Wednesday, November 08, 2006

The Elections: Not That Momentous

By Richard Vedder

An earlier blog I wrote on this was eliminated by techies in cyberspace, so I will try again. The elections may change the higher ed landscape a bit, but not dramatically, for several reasons.

1) The new Democrats are, to a considerable extent, fairly conservative (a smart Democratic party strategy in picking candidates to run). Jim Webb, probable new senator from Virginia, is a perfect example. No raving liberal. The political ideology of congress is not moving all that far to the left, Nancy Pelosi notwithstanding.

2) The last two GOP congresses outspent the congresses of the Clinton years -- a factor, I think, in the GOP demise. I do not foresee a dramatic upsurge in higher ed spending. Pell Grants will increase, but they would have gone up anyway.
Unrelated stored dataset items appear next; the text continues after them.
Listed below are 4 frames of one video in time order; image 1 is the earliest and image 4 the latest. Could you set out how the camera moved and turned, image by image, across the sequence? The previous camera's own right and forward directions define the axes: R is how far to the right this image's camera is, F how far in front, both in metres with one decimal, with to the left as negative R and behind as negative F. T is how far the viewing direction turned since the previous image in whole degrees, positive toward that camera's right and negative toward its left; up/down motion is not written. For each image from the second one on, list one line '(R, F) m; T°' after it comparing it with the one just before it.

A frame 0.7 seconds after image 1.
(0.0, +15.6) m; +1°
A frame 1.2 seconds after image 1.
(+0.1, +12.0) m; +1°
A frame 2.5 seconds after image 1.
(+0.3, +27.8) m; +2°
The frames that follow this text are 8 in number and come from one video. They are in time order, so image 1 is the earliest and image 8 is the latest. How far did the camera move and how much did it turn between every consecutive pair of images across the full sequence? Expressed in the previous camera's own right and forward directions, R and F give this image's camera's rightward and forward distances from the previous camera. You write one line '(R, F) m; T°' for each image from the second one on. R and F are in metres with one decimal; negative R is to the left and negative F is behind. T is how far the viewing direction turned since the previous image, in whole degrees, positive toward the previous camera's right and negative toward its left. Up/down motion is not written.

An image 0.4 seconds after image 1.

3) The recommendations of the Spellings Commission are not dead, or at least any more dead (are there degrees of being dead?) than they otherwise would be. The Commission pushed bigger Pell Grants (led by an ex-Democratic governor), and Congress will be receptive to that. Surprisingly, they might even embrace an idea pushed by Yours Truly on the Commission: trying to keep tuition increases below the growth rate in personal income. On another note, while the Higher Ed Establishment no doubt jumped for joy when they heard spending limits were rejected in three states, they no doubt were chagrined to learn that Michigan voters strongly approved the anti-affirmative action amendment. Americans want merit to trump other attributes in handing out governmental largess, and the endless "diversity" mantra of college presidents is wearing pretty thin with the American people. California was no fluke -- Michigan is a mainline, Midwestern state. President Coleman at the U. of Michigan sounded almost defiant before the results were in when she promised the U of M would pursue diversity vigorously, another sign of how out of sync the Higher Ed Establishment is with that annoying group that provides it with most of its money -- the American people.

7 comments:

superhiker said...

Dream on, Rich. The scalping party organized by the Bush schoolboard hack Spellings is almost over, not that it got very far.
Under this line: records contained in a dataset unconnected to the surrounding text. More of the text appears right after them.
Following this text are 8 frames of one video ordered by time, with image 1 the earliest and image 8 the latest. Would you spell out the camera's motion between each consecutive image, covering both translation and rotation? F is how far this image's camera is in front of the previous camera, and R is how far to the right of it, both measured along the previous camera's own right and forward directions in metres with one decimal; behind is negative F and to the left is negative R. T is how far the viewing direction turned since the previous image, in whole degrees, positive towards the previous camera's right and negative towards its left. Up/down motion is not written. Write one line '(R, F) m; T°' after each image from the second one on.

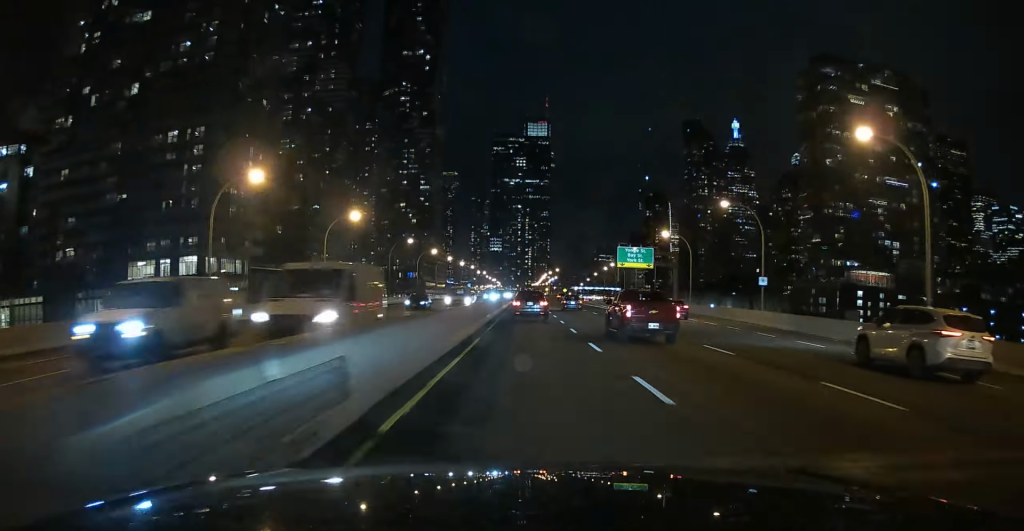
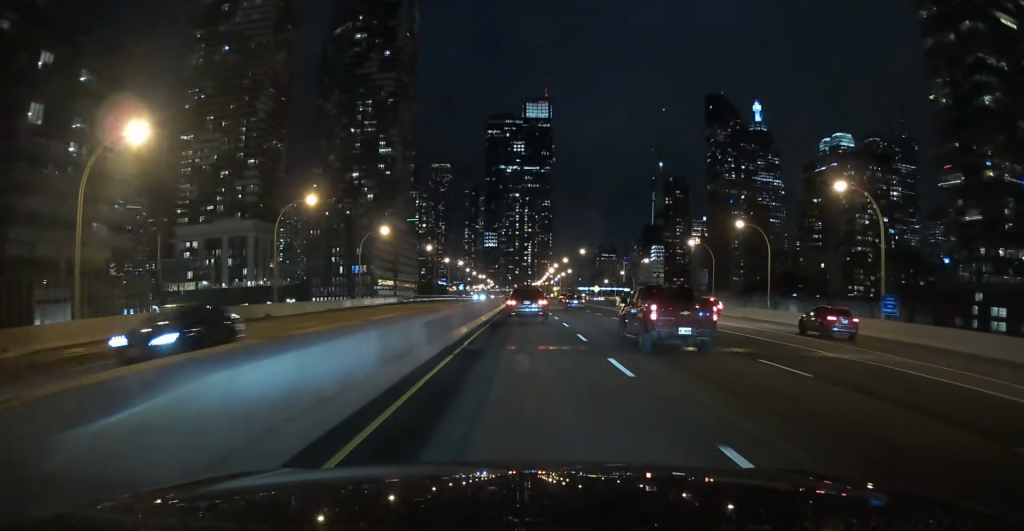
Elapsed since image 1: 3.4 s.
(0.0, +95.1) m; 0°
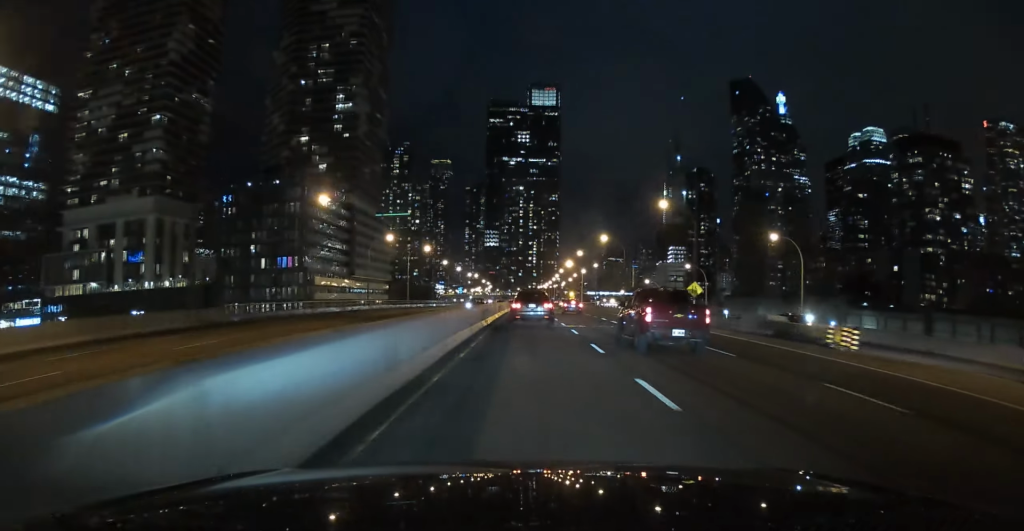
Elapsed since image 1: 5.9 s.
(+0.1, +66.6) m; 0°
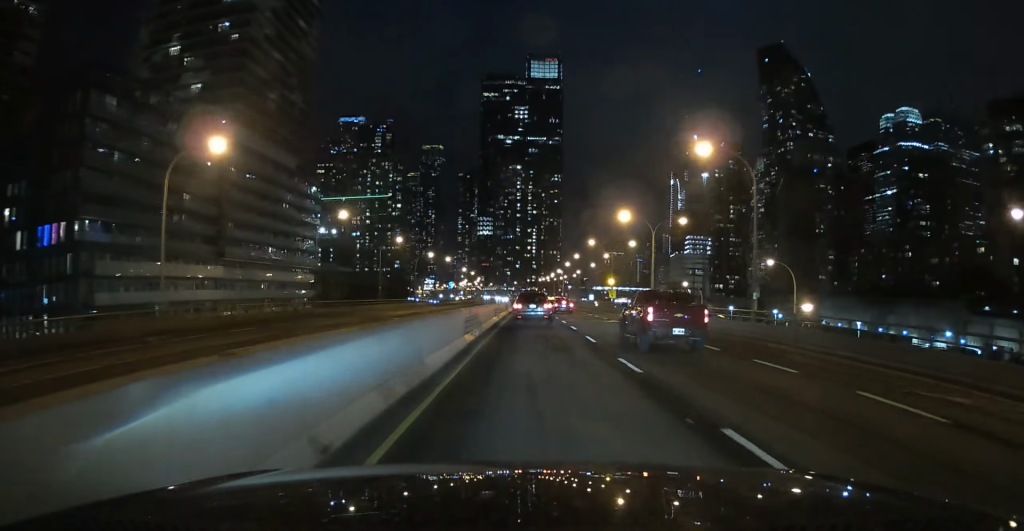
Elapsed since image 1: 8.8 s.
(-0.1, +78.0) m; 0°
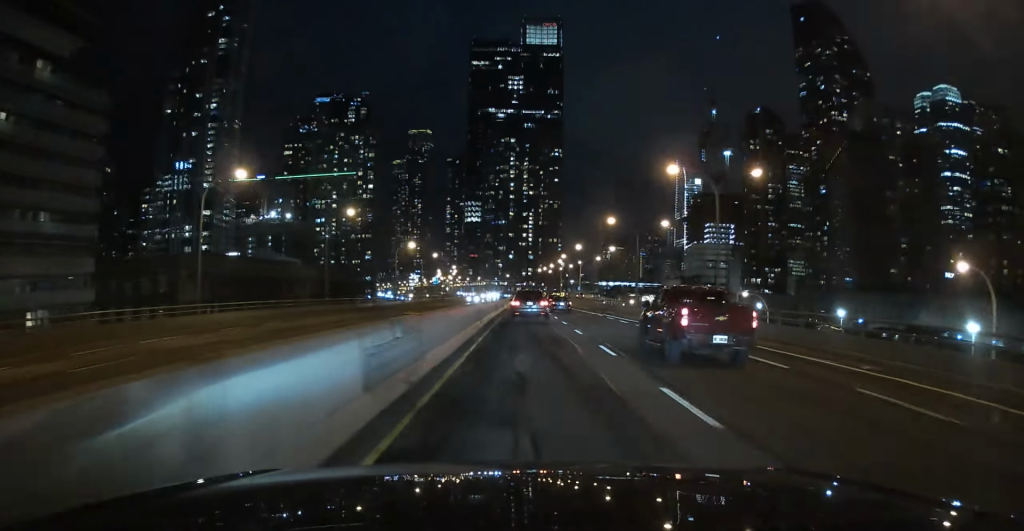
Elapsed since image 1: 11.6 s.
(+0.2, +77.5) m; 0°
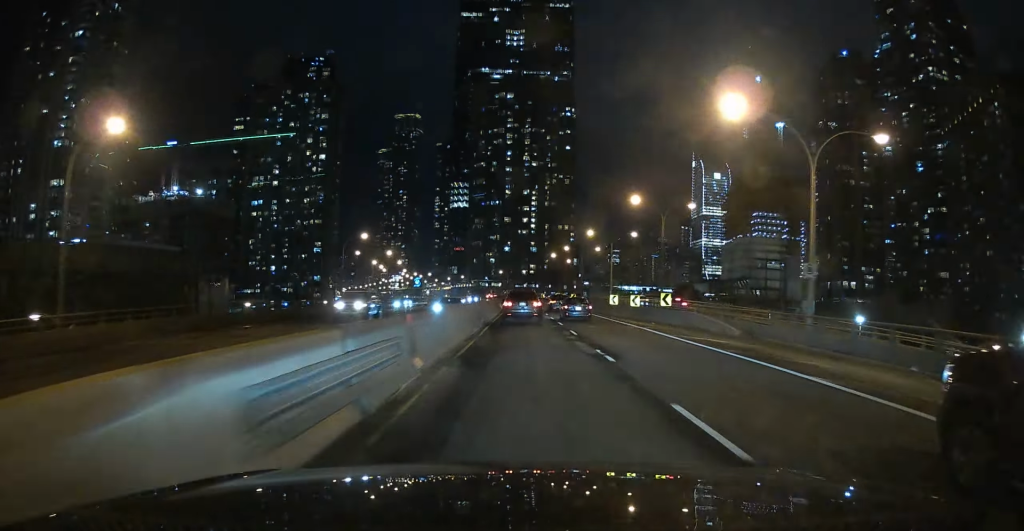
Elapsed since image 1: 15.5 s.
(-0.1, +101.0) m; 0°
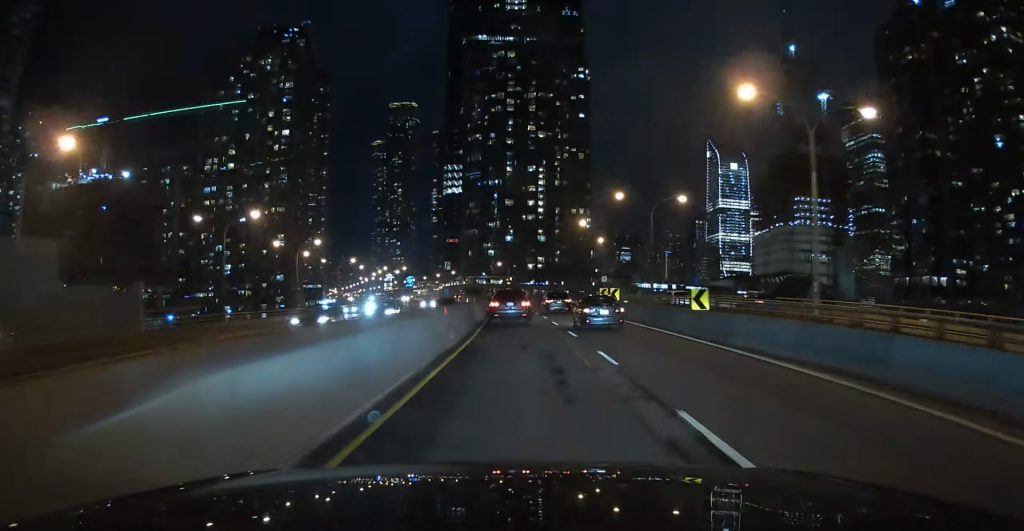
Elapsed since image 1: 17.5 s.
(-0.1, +53.0) m; -1°
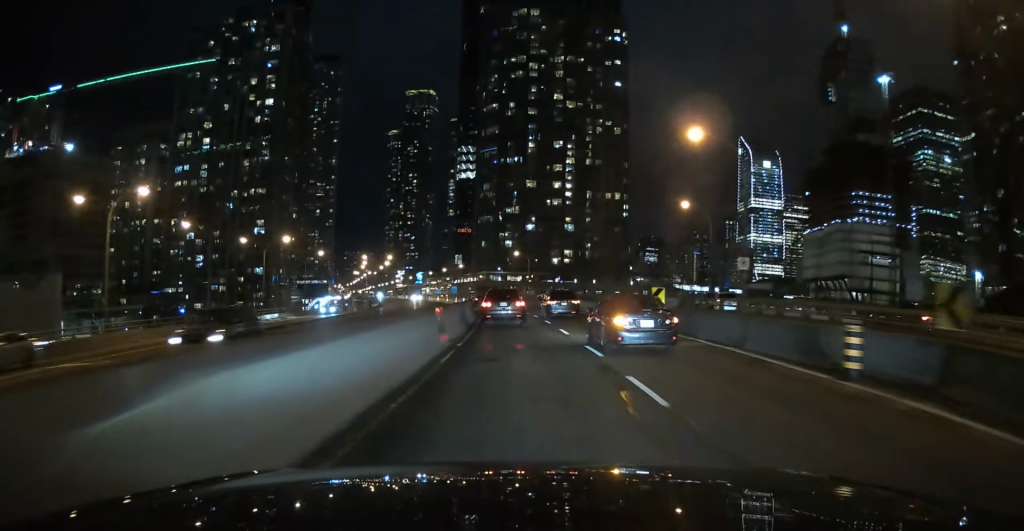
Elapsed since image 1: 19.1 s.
(0.0, +39.6) m; -1°

If affirmative action is dead, credit it to Ward Connerly, not the cowardly Republicans who have ducked the issue whenever they could.

It is too bad because there is a lot wrong with higher education. I do not think you or the Republicans are on the right track, however. Now there is little chance for real higher education reform.

TC said...

Superhiker - Unless there was a complete re-write of this blog between the time you wrote your comment and now, I can't believe you read the same thing I did.

Could you enlighten me as to what "the scalping party" is? Are you referring to indians? I live about 6 miles or so from an indian reservation - the Flathead Indian Reservation of the Salish-Kootenai Nation and I can assure you that they do not engage in scalping. I mean, they don't have the greatest barbers and hair stylists, but aside from that - no REAL scalping.

1. If you believe Spellings is a "hack" what is your reason? How did you come to this conclusion?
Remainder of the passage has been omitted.